**Try it:**
Please return the records below exactly as they stand, with the pictures removed.
┌─ Material for this task
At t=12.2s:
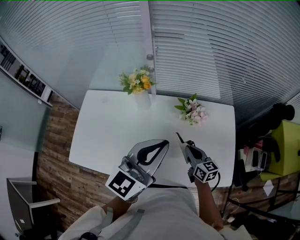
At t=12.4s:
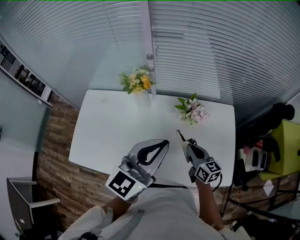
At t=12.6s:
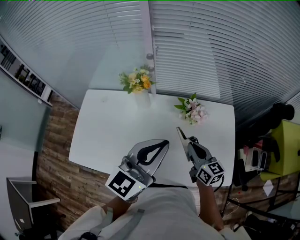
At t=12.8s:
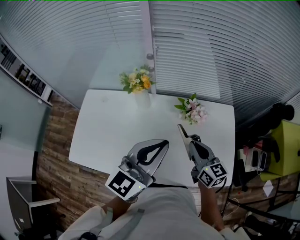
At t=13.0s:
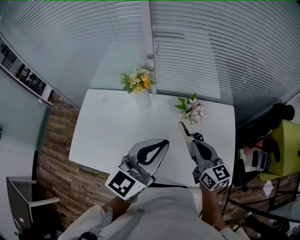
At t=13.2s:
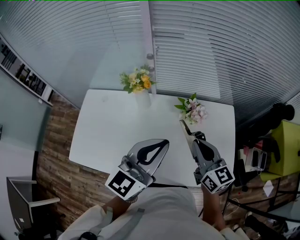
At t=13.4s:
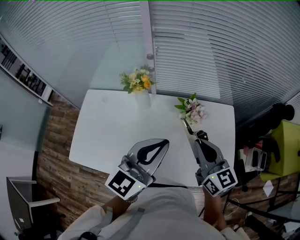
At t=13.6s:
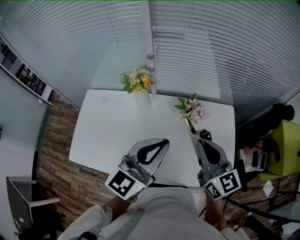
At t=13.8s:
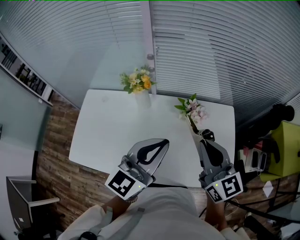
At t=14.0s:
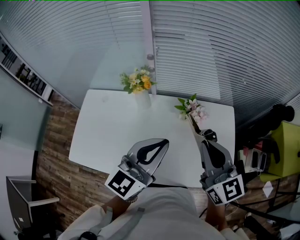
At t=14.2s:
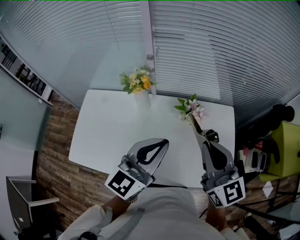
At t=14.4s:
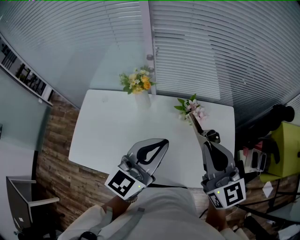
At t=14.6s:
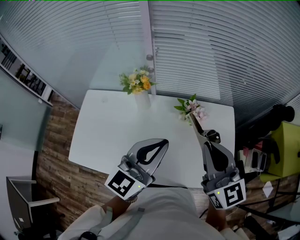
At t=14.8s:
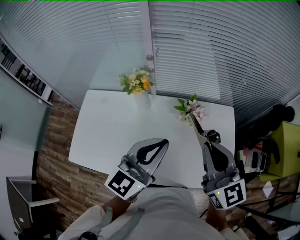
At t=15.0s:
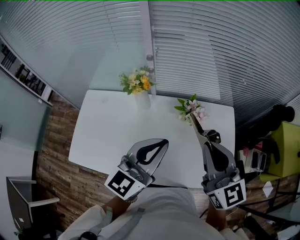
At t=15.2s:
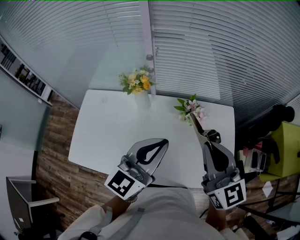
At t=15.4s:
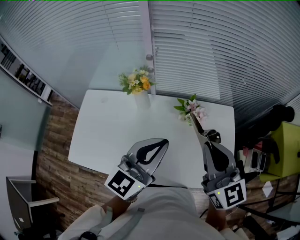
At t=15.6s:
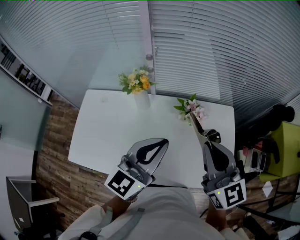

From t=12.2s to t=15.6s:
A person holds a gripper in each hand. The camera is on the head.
From t=12.2s to t=13.8s: The right gripper heads upward, covering roughly 25 cm, and changes its angle by approximately 30 degrees.
From t=13.8s to t=15.6s: There are only small adjustments of the grippers.
└─
**Task response:**
At t=12.2s:
At t=12.4s:
At t=12.6s:
At t=12.8s:
At t=13.0s:
At t=13.2s:
At t=13.4s:
At t=13.6s:
At t=13.8s:
At t=14.0s:
At t=14.2s:
At t=14.4s:
At t=14.6s:
At t=14.8s:
At t=15.0s:
At t=15.2s:
At t=15.4s:
At t=15.6s:

From t=12.2s to t=15.6s:
A person holds a gripper in each hand. The camera is on the head.
From t=12.2s to t=13.8s: The right gripper heads upward, covering roughly 25 cm, and changes its angle by approximately 30 degrees.
From t=13.8s to t=15.6s: There are only small adjustments of the grippers.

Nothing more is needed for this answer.